'''
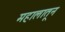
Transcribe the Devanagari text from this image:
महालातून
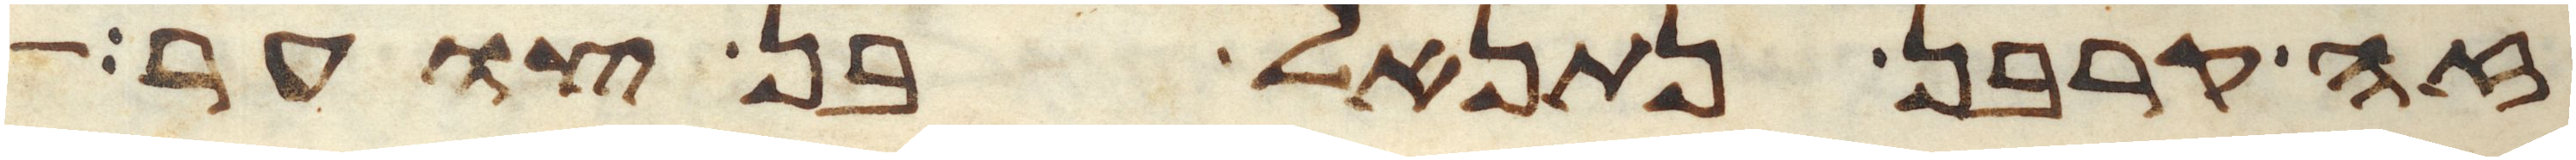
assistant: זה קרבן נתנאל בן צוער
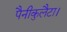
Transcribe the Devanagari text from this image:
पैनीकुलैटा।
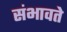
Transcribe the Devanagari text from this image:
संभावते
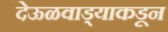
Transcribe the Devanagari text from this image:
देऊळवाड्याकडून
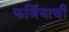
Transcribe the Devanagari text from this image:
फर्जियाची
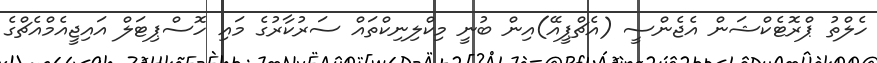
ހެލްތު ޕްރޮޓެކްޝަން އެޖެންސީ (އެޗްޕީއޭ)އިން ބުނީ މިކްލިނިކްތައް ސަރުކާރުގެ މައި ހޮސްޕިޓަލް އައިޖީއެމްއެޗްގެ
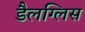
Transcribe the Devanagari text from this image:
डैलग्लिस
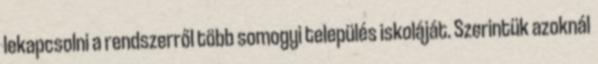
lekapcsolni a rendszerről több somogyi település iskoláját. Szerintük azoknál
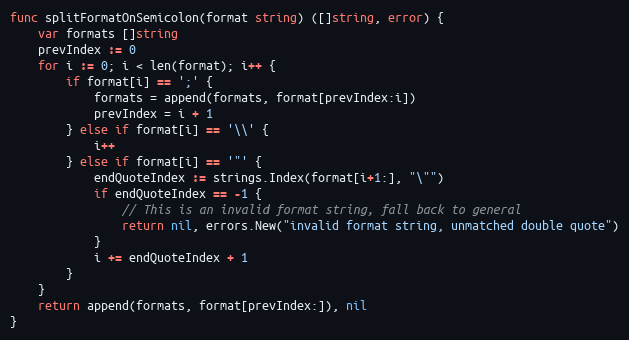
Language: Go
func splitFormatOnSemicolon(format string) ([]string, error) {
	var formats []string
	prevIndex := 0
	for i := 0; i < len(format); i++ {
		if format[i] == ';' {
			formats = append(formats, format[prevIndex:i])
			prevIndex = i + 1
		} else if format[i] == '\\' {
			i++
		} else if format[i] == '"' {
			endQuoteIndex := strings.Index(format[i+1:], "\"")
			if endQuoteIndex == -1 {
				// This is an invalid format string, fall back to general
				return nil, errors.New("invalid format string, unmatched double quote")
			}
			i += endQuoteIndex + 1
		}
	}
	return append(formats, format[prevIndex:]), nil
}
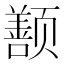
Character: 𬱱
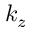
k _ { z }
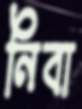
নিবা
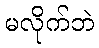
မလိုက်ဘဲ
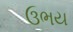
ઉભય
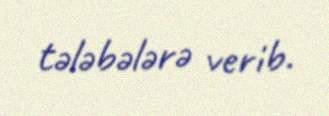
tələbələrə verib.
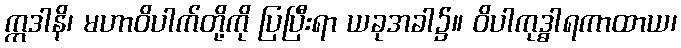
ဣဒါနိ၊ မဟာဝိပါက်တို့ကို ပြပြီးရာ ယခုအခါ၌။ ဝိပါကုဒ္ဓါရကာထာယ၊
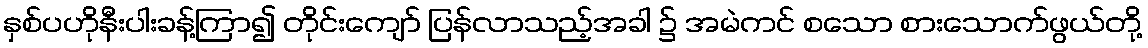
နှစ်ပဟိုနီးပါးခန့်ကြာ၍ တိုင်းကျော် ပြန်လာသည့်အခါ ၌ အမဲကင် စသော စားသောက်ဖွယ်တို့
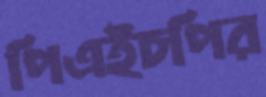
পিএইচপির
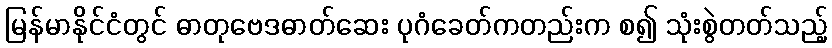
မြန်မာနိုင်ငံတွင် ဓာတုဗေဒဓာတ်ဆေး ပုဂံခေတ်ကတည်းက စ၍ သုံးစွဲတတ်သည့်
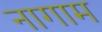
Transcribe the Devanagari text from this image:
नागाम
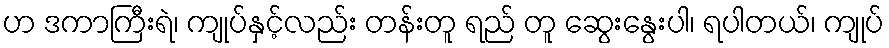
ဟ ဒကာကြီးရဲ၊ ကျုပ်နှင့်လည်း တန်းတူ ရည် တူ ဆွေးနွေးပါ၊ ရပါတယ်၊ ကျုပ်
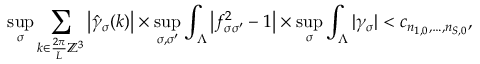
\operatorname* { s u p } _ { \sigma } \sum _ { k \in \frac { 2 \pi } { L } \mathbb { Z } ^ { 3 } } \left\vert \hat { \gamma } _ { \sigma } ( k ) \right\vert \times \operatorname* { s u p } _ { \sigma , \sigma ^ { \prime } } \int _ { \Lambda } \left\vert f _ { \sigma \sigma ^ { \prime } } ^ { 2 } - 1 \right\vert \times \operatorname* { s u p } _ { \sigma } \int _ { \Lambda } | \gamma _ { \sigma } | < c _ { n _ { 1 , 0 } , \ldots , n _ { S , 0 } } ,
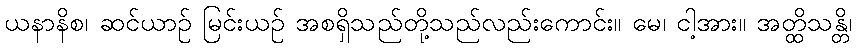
'''
• Directions
Repeat the entries exactly, without pictures.

• Response area
Transcribe the Devanagari text from this image:
महालातून
assistant: זה קרבן נתנאל בן צוער
Transcribe the Devanagari text from this image:
पैनीकुलैटा।
Transcribe the Devanagari text from this image:
संभावते
Transcribe the Devanagari text from this image:
देऊळवाड्याकडून
Transcribe the Devanagari text from this image:
फर्जियाची
ހެލްތު ޕްރޮޓެކްޝަން އެޖެންސީ (އެޗްޕީއޭ)އިން ބުނީ މިކްލިނިކްތައް ސަރުކާރުގެ މައި ހޮސްޕިޓަލް އައިޖީއެމްއެޗްގެ
Transcribe the Devanagari text from this image:
डैलग्लिस
lekapcsolni a rendszerről több somogyi település iskoláját. Szerintük azoknál
Language: Go
func splitFormatOnSemicolon(format string) ([]string, error) {
	var formats []string
	prevIndex := 0
	for i := 0; i < len(format); i++ {
		if format[i] == ';' {
			formats = append(formats, format[prevIndex:i])
			prevIndex = i + 1
		} else if format[i] == '\\' {
			i++
		} else if format[i] == '"' {
			endQuoteIndex := strings.Index(format[i+1:], "\"")
			if endQuoteIndex == -1 {
				// This is an invalid format string, fall back to general
				return nil, errors.New("invalid format string, unmatched double quote")
			}
			i += endQuoteIndex + 1
		}
	}
	return append(formats, format[prevIndex:]), nil
}
Character: 𬱱
k _ { z }
নিবা
မလိုက်ဘဲ
ઉભય
tələbələrə verib.
ဣဒါနိ၊ မဟာဝိပါက်တို့ကို ပြပြီးရာ ယခုအခါ၌။ ဝိပါကုဒ္ဓါရကာထာယ၊
နှစ်ပဟိုနီးပါးခန့်ကြာ၍ တိုင်းကျော် ပြန်လာသည့်အခါ ၌ အမဲကင် စသော စားသောက်ဖွယ်တို့
পিএইচপির
မြန်မာနိုင်ငံတွင် ဓာတုဗေဒဓာတ်ဆေး ပုဂံခေတ်ကတည်းက စ၍ သုံးစွဲတတ်သည့်
Transcribe the Devanagari text from this image:
नागाम
ဟ ဒကာကြီးရဲ၊ ကျုပ်နှင့်လည်း တန်းတူ ရည် တူ ဆွေးနွေးပါ၊ ရပါတယ်၊ ကျုပ်
\operatorname* { s u p } _ { \sigma } \sum _ { k \in \frac { 2 \pi } { L } \mathbb { Z } ^ { 3 } } \left\vert \hat { \gamma } _ { \sigma } ( k ) \right\vert \times \operatorname* { s u p } _ { \sigma , \sigma ^ { \prime } } \int _ { \Lambda } \left\vert f _ { \sigma \sigma ^ { \prime } } ^ { 2 } - 1 \right\vert \times \operatorname* { s u p } _ { \sigma } \int _ { \Lambda } | \gamma _ { \sigma } | < c _ { n _ { 1 , 0 } , \ldots , n _ { S , 0 } } ,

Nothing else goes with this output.